● **Exercise description**:
Set down exactly the lines of the records from the top to the line containing "8 de 2019 primeira"; include both.

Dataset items

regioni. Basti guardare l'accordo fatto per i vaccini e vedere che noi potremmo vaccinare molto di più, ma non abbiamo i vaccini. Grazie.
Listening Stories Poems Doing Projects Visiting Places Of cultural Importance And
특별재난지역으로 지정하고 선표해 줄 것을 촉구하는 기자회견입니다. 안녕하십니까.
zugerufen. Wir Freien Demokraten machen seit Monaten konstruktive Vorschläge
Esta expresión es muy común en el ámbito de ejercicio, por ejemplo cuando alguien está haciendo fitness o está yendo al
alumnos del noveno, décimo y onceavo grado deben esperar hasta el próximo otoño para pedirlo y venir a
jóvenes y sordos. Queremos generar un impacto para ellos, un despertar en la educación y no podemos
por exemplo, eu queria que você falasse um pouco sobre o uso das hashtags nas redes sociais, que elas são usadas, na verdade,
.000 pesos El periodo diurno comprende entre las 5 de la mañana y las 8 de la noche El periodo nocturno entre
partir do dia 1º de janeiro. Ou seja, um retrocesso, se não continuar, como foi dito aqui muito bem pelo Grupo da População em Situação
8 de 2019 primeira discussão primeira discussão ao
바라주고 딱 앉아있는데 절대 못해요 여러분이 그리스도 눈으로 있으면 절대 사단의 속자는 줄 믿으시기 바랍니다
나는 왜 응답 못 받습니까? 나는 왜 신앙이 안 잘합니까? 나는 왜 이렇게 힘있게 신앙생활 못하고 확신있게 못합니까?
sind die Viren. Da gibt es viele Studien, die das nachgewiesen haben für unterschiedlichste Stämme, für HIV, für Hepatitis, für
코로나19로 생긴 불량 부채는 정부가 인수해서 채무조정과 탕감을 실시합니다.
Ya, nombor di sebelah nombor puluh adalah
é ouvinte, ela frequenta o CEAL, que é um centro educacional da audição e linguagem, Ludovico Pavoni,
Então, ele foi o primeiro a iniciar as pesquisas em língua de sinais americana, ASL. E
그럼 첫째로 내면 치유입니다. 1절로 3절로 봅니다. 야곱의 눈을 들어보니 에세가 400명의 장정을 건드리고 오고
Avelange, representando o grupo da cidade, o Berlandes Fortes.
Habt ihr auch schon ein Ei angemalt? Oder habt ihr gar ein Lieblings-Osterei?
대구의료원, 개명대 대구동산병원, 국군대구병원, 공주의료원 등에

● **Response**:
regioni. Basti guardare l'accordo fatto per i vaccini e vedere che noi potremmo vaccinare molto di più, ma non abbiamo i vaccini. Grazie.
Listening Stories Poems Doing Projects Visiting Places Of cultural Importance And
특별재난지역으로 지정하고 선표해 줄 것을 촉구하는 기자회견입니다. 안녕하십니까.
zugerufen. Wir Freien Demokraten machen seit Monaten konstruktive Vorschläge
Esta expresión es muy común en el ámbito de ejercicio, por ejemplo cuando alguien está haciendo fitness o está yendo al
alumnos del noveno, décimo y onceavo grado deben esperar hasta el próximo otoño para pedirlo y venir a
jóvenes y sordos. Queremos generar un impacto para ellos, un despertar en la educación y no podemos
por exemplo, eu queria que você falasse um pouco sobre o uso das hashtags nas redes sociais, que elas são usadas, na verdade,
.000 pesos El periodo diurno comprende entre las 5 de la mañana y las 8 de la noche El periodo nocturno entre
partir do dia 1º de janeiro. Ou seja, um retrocesso, se não continuar, como foi dito aqui muito bem pelo Grupo da População em Situação
8 de 2019 primeira discussão primeira discussão ao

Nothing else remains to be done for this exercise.